= Beginning of Section =
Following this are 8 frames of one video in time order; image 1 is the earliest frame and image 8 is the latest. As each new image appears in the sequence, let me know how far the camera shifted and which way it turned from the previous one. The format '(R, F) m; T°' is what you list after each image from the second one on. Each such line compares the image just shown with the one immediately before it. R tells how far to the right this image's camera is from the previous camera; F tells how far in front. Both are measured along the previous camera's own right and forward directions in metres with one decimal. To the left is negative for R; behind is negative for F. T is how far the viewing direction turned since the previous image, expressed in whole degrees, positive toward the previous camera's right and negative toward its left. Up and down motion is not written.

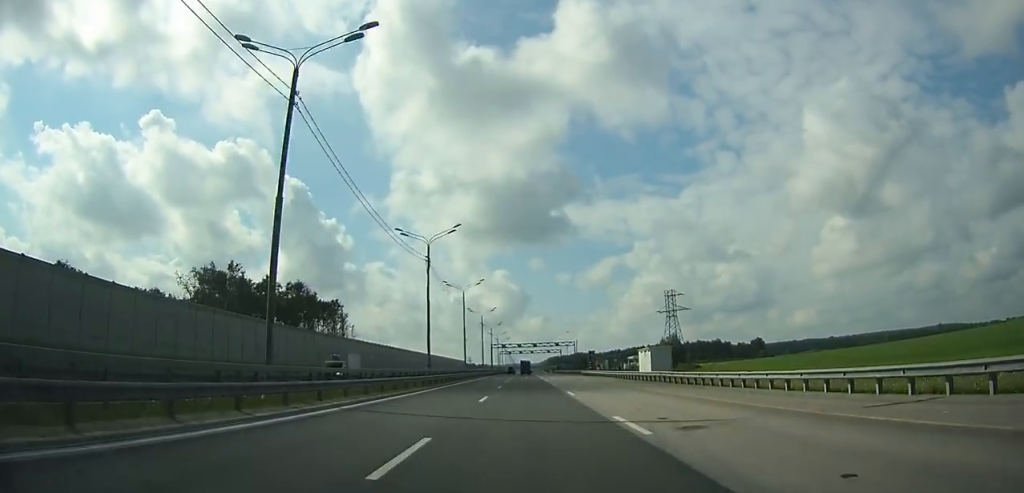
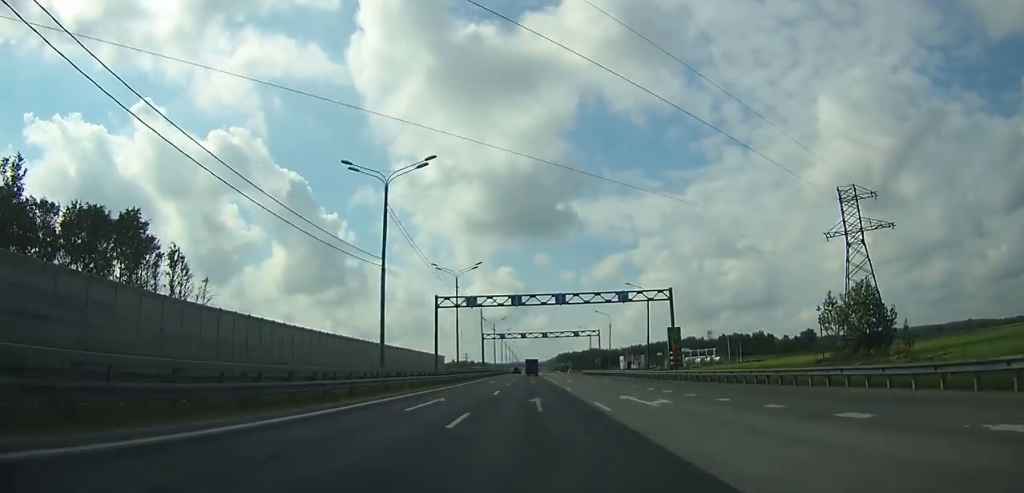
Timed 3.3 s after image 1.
(-0.1, +90.5) m; 0°
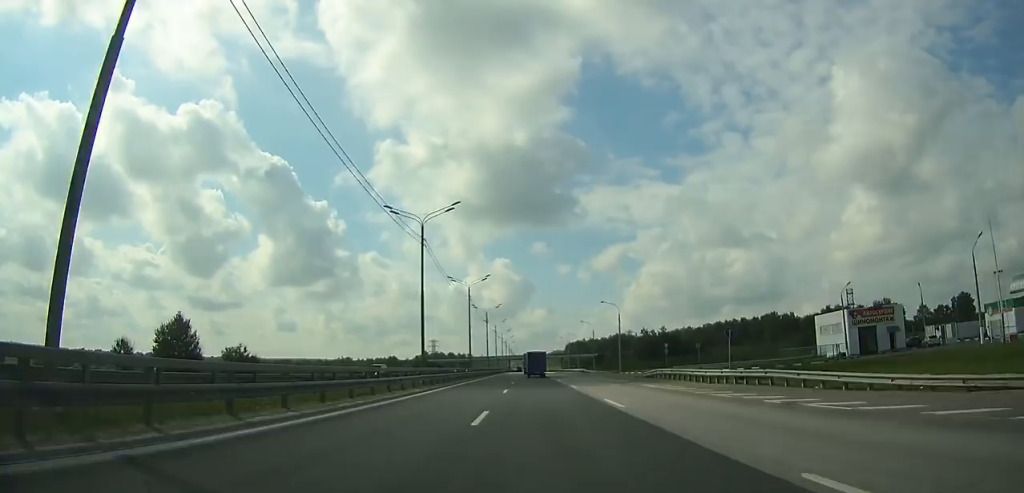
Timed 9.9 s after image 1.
(-0.2, +175.4) m; 0°
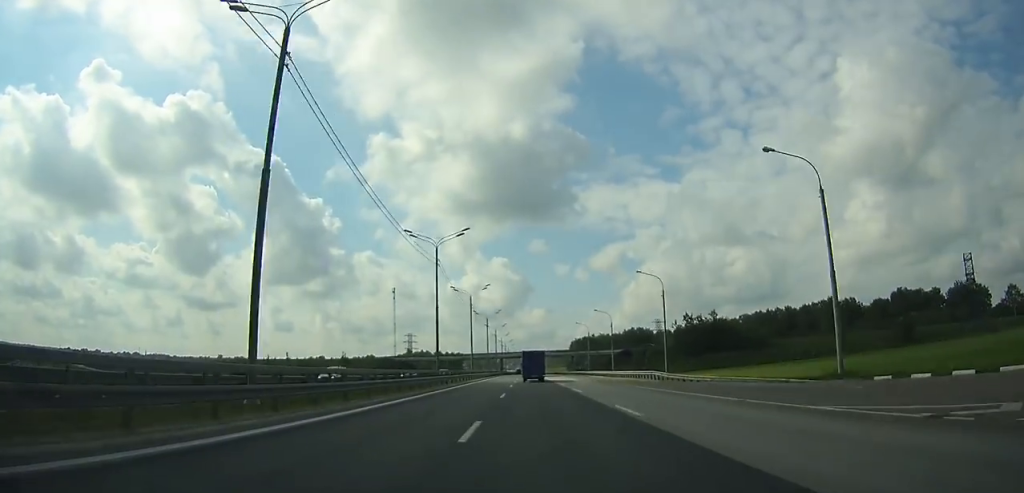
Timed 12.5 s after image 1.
(0.0, +67.4) m; 0°
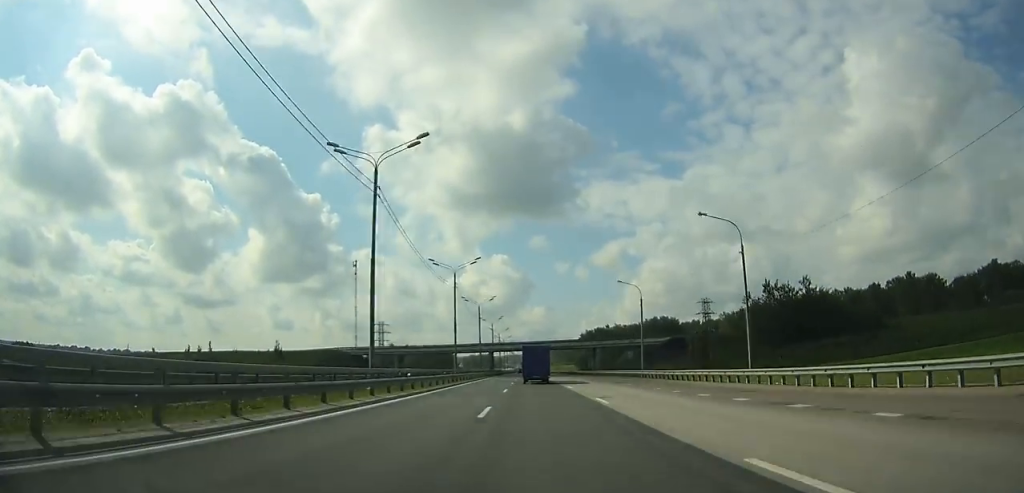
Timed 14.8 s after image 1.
(0.0, +59.7) m; 0°
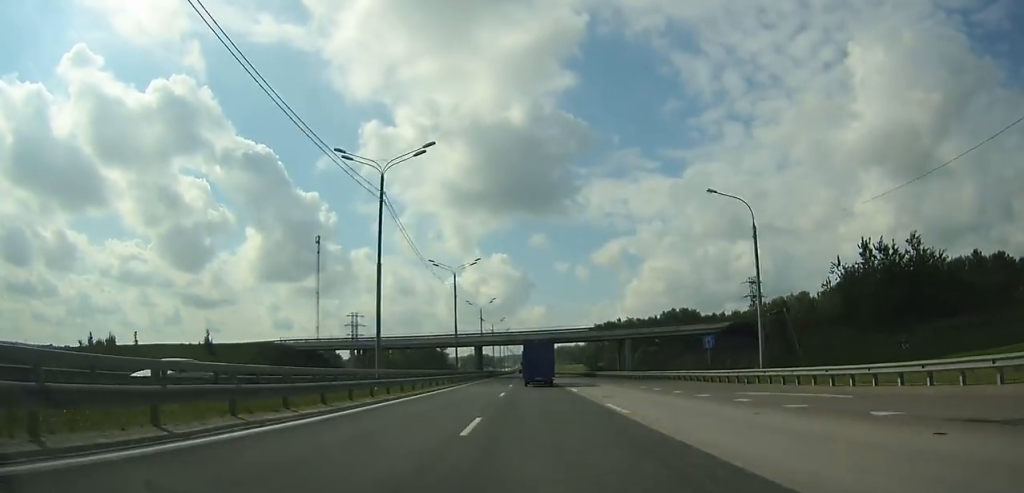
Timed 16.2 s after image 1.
(+0.2, +36.3) m; 0°
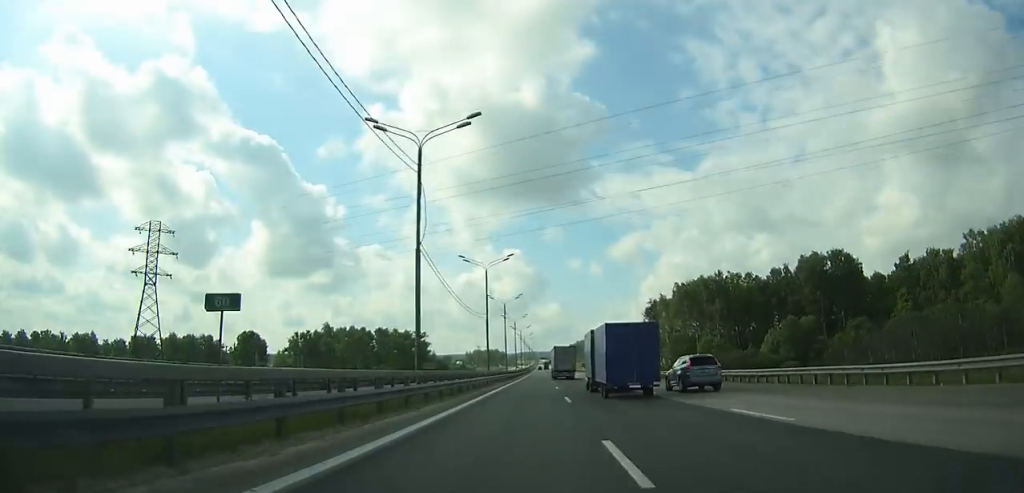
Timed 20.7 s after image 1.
(-1.3, +119.1) m; -1°
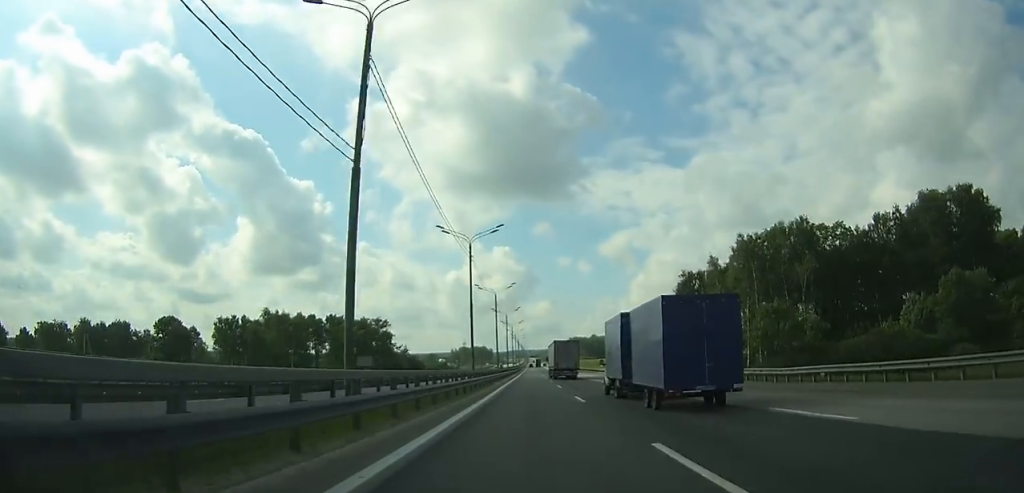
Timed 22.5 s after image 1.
(-0.2, +48.5) m; 0°
= End of Section =
Exercise instructions
All of the data should be returned word for word, with each picture left out.

Exercise response
Following this are 8 frames of one video in time order; image 1 is the earliest frame and image 8 is the latest. As each new image appears in the sequence, let me know how far the camera shifted and which way it turned from the previous one. The format '(R, F) m; T°' is what you list after each image from the second one on. Each such line compares the image just shown with the one immediately before it. R tells how far to the right this image's camera is from the previous camera; F tells how far in front. Both are measured along the previous camera's own right and forward directions in metres with one decimal. To the left is negative for R; behind is negative for F. T is how far the viewing direction turned since the previous image, expressed in whole degrees, positive toward the previous camera's right and negative toward its left. Up and down motion is not written.

Timed 3.3 s after image 1.
(-0.1, +90.5) m; 0°
Timed 9.9 s after image 1.
(-0.2, +175.4) m; 0°
Timed 12.5 s after image 1.
(0.0, +67.4) m; 0°
Timed 14.8 s after image 1.
(0.0, +59.7) m; 0°
Timed 16.2 s after image 1.
(+0.2, +36.3) m; 0°
Timed 20.7 s after image 1.
(-1.3, +119.1) m; -1°
Timed 22.5 s after image 1.
(-0.2, +48.5) m; 0°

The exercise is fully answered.